Gitarrist Klaus Rummel wird deshalb zeitweise auch auf die Bassgitarre
wechseln und die Abschlussparty im Blue Note mit Blues-Klassikern und
eigenen Songs ins Rollen bringen.
Nach Redaktionsschluß der BluesWochen gesellte sich noch der
Frühschoppentermin der Aktion Theaterfoyer zum Bluesangebot. Soul- und
Bluessänger Waymond Harding und seine Blues Cruisers locken am
Sonntagmorgen (14.) die Nachtschwärmer zeitig (aus den Betten?)
ins Theaterfoyer.
Doch damit nicht genug:
Zwar enden die BluesWochen erst mal offiziell, doch gibt es in der
Centralstation noch zwei „Nachspiele“, die es in sich haben. Die Sängerin und
Songwriterin Joan Armstrading hat mit ihren tollen Album „Into The
Blues“ nach mehrjähriger Pause eine beeindruckende und bewegende Produktion
gelandet. Die 13 Songs strotzen vor Energie, die Texte sind persönlich und
stark zugleich. Die Altmeisterin spielte auf der Aufnahme außer Keyboard und
Schlagzeuge alle Instrumente selbst. Bei ihrer Europatournee, die die in
Jamaika geborene und in England lebende Künstlerin am Mittwoch, 24.

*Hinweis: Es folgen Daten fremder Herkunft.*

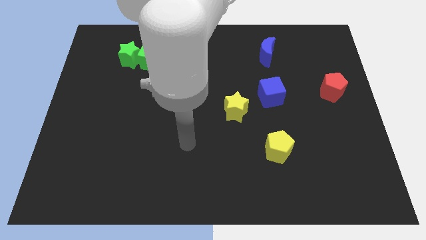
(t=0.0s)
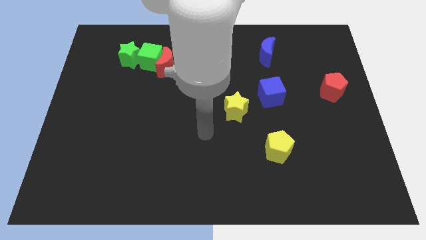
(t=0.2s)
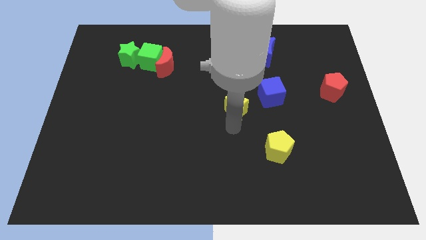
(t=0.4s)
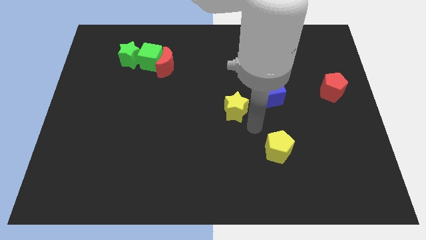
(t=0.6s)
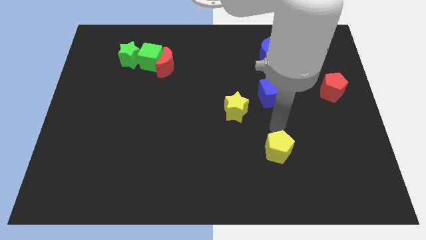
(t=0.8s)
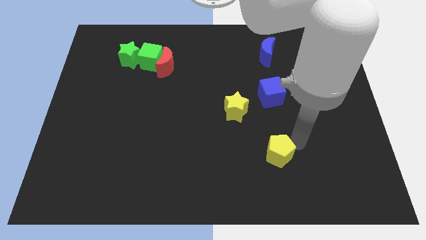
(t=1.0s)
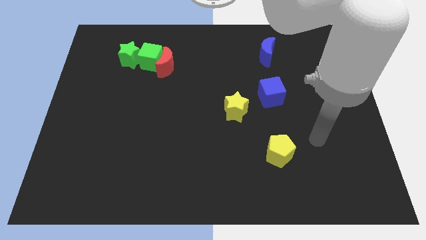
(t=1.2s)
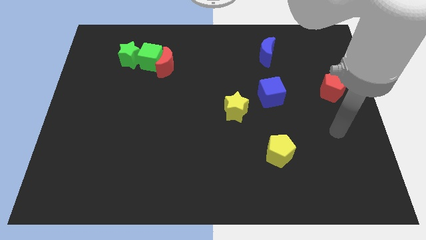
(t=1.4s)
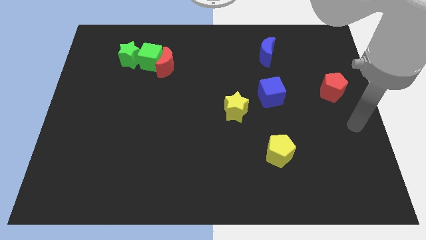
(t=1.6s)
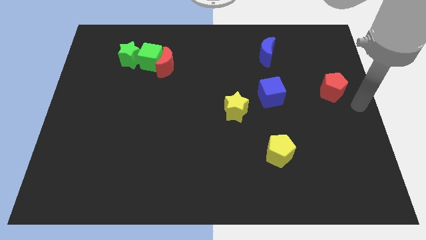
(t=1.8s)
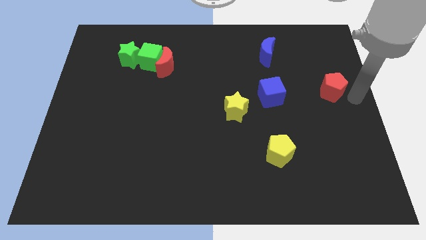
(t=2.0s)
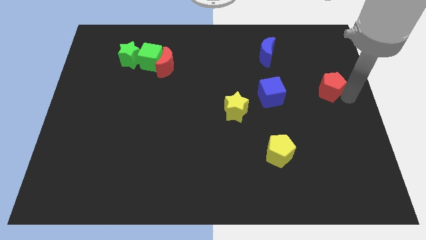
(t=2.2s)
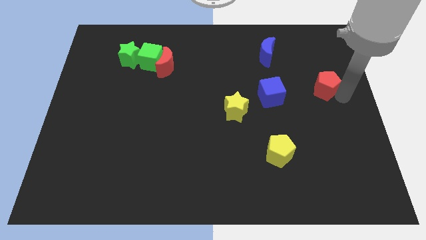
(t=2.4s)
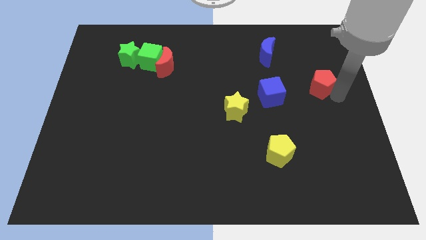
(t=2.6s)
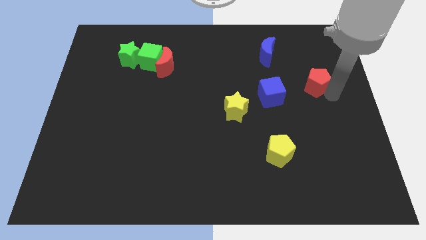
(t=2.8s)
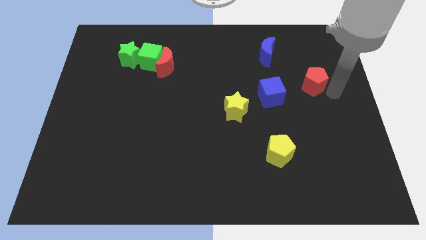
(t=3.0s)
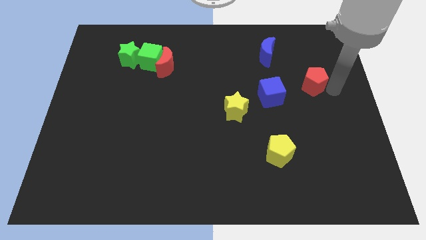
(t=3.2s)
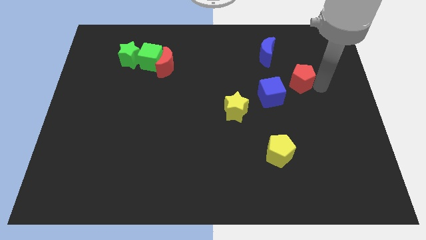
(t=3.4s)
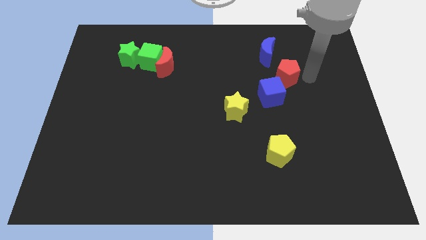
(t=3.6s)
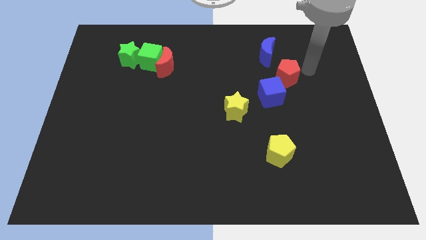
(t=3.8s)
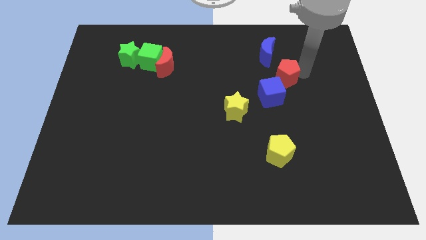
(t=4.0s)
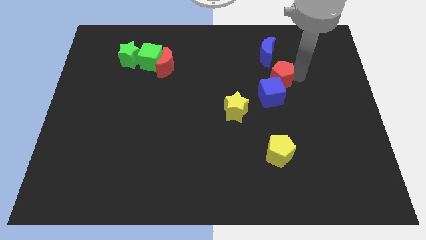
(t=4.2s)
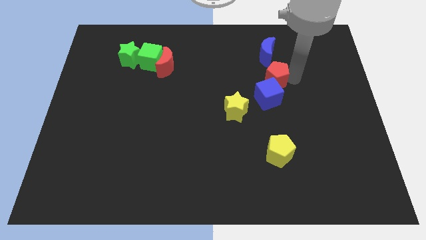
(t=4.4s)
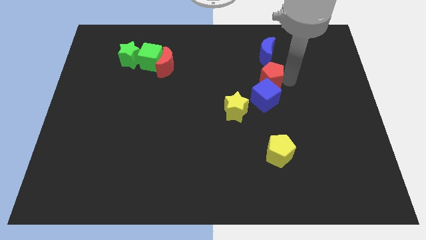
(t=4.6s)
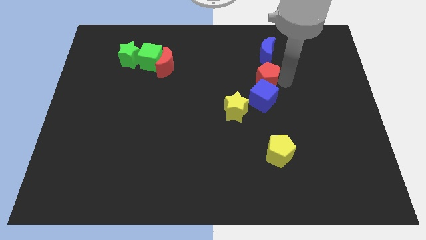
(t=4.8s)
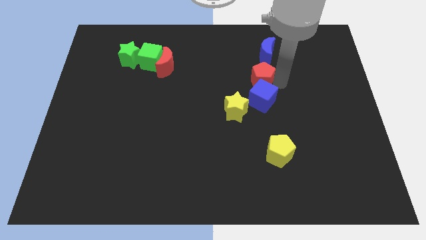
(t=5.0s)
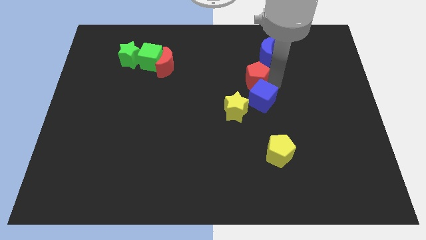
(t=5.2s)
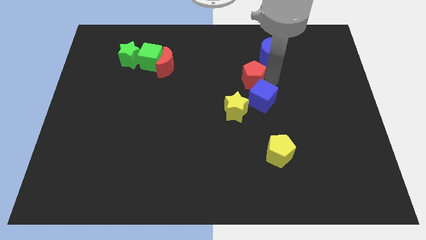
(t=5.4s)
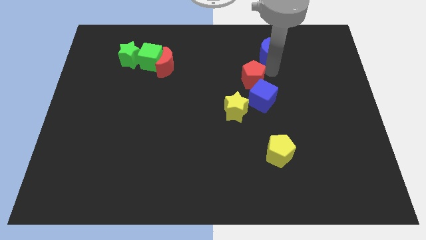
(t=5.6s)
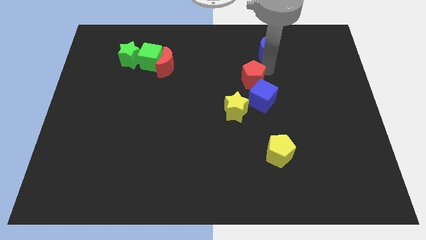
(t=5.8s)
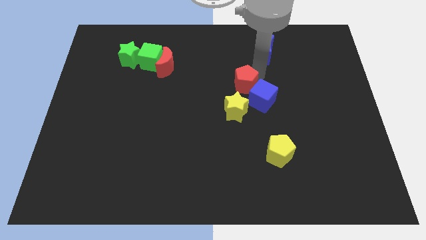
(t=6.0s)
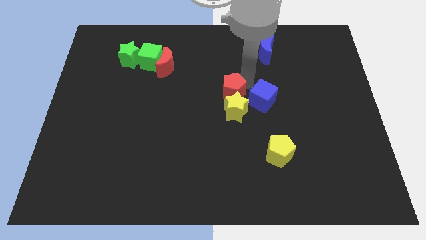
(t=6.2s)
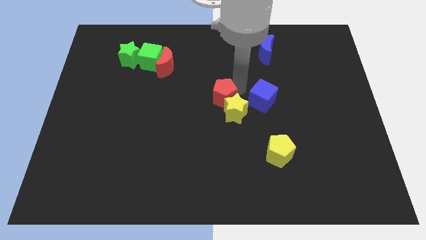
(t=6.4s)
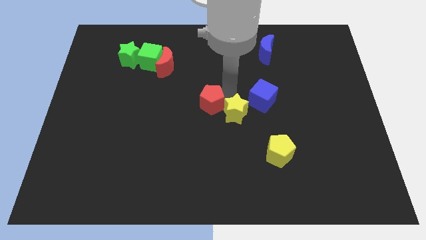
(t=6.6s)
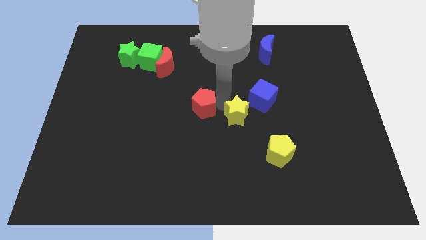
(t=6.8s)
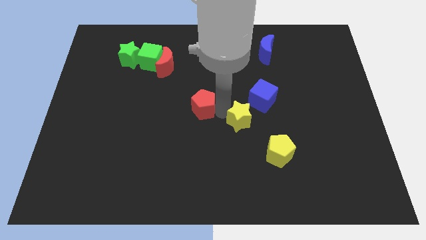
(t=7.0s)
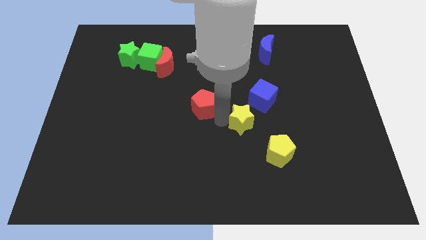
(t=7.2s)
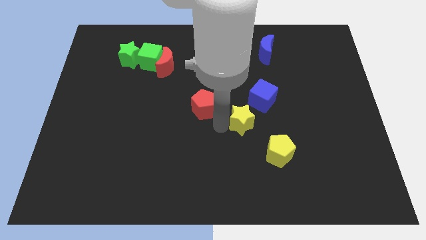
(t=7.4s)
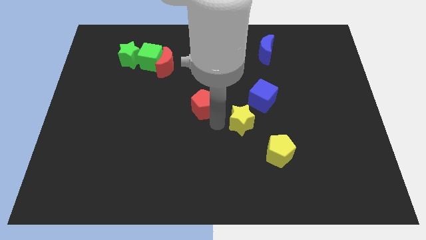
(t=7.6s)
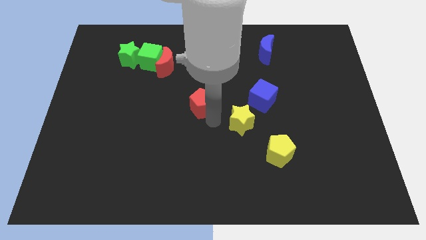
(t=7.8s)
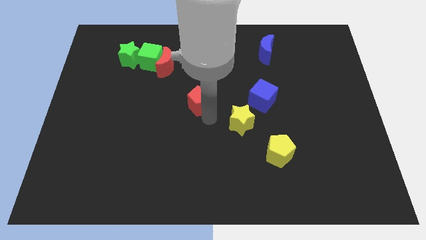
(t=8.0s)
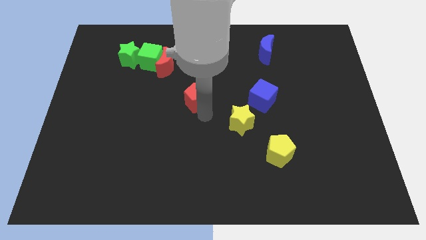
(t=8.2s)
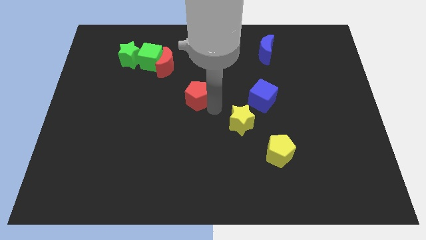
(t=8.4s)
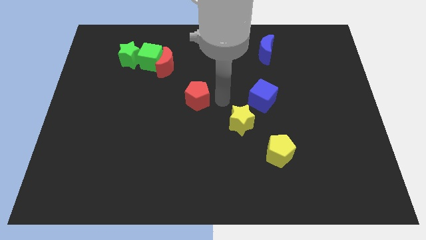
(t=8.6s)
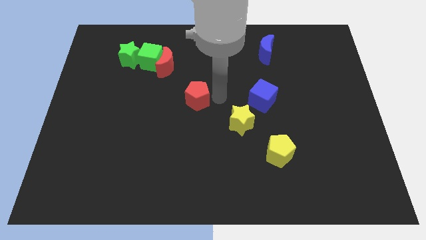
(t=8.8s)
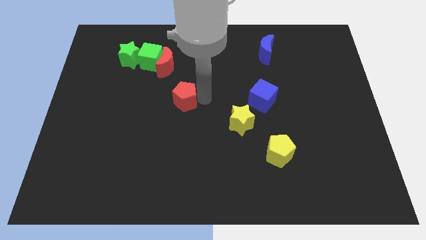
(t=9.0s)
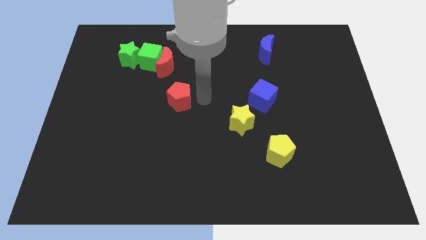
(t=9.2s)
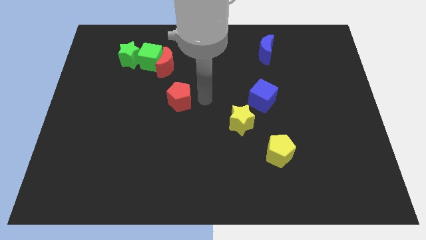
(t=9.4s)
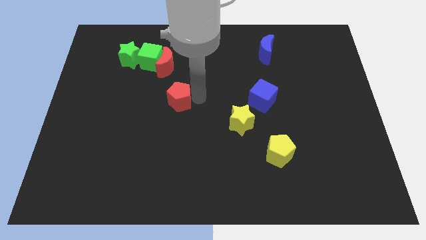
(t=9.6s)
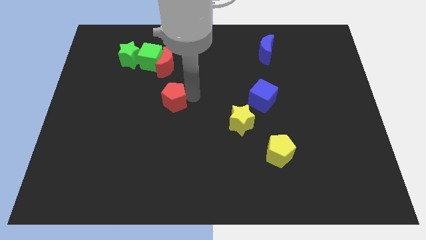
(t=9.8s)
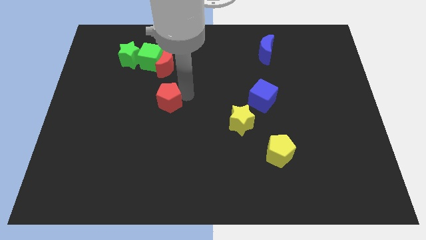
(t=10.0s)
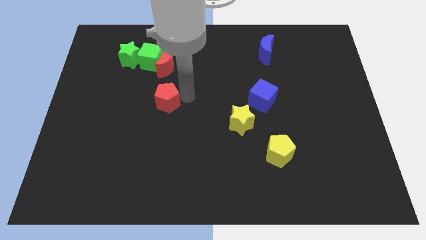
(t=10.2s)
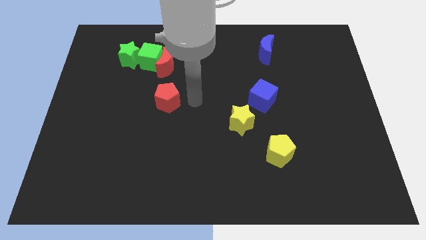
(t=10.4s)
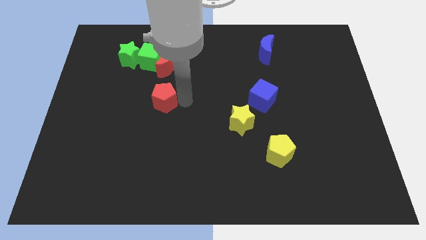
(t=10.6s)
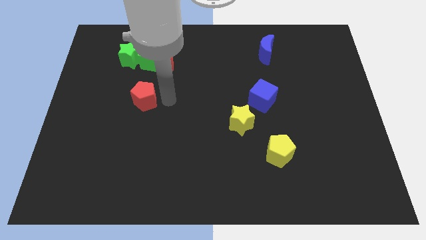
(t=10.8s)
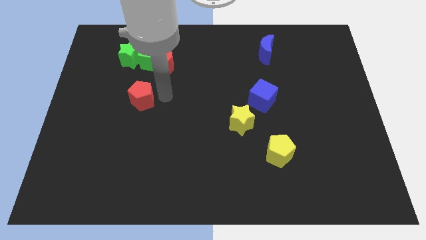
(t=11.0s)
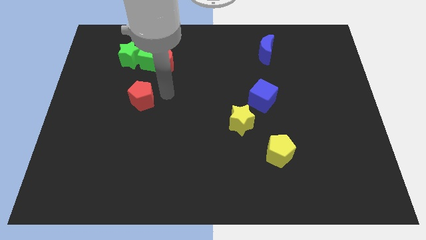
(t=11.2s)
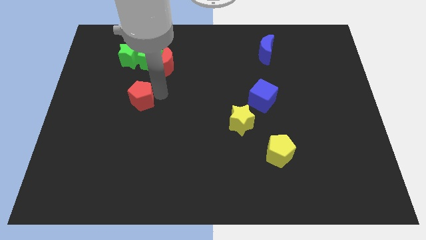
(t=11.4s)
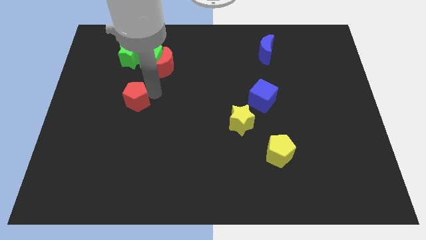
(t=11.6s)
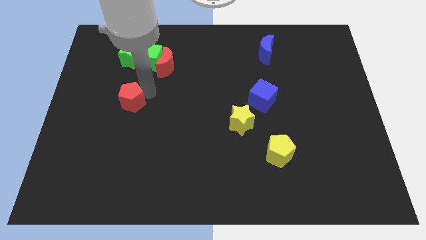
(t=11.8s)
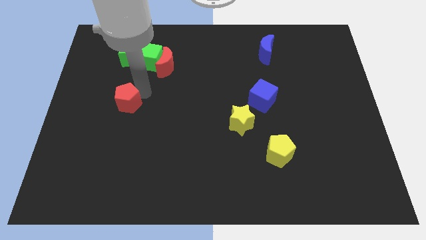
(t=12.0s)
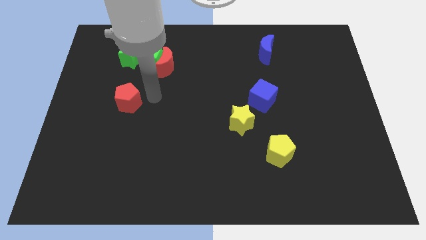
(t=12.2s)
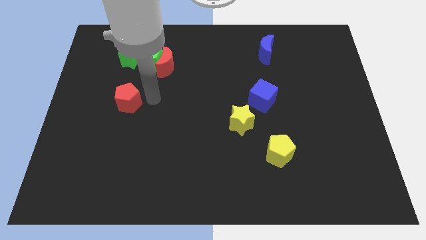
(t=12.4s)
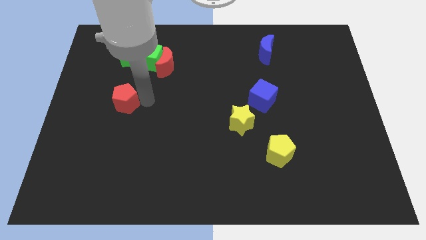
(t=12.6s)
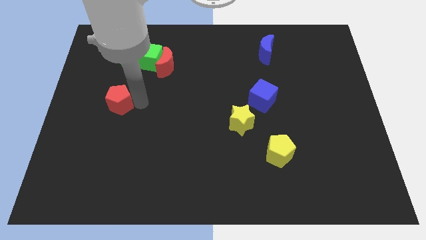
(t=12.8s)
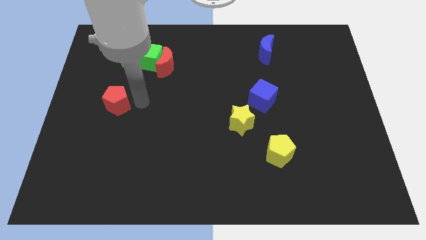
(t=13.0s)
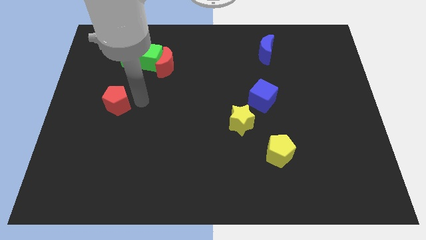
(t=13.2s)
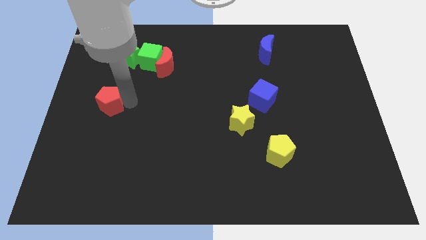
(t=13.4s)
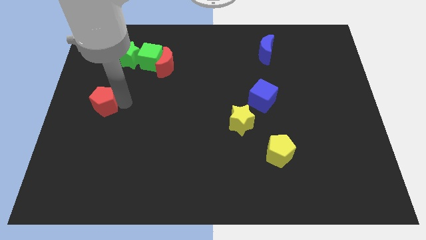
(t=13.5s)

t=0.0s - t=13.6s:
push the red pentagon to the left side of the board

auch in Darmstadt Station machen lässt, hat sie bei dem Konzert drei Männer
im Rücken: Scott Firth am Bass, Gary Foote an Schlagzeug und Saxofon sowie
Spenzer Cozens am Keyboard.
Ebenfalls in der Centralstation macht dann am Freitag, 9. November
noch das Gitarrenwunder Robben Ford Halt. Allein der Liste der
Musiker, mit denen er bislang zusammen gearbeitet hat, zeigt die Vielfalt
seiner Interessen: Chick Corea, Miles Davis und B.B. King. Robben, ohnehin in
der Familienband Ford Bluesband mit Vater und Brüdern dem Blues und Rock
verfallen, ist auch im Jazz, Funk und der Countrymusik zu Hause. Sein
melodisches Empfinden überträgt sich schnell zum Zuhörer und sein brillanter
Gitarrensound scheint wie aus einer anderen Welt ans Ohr zu dringen.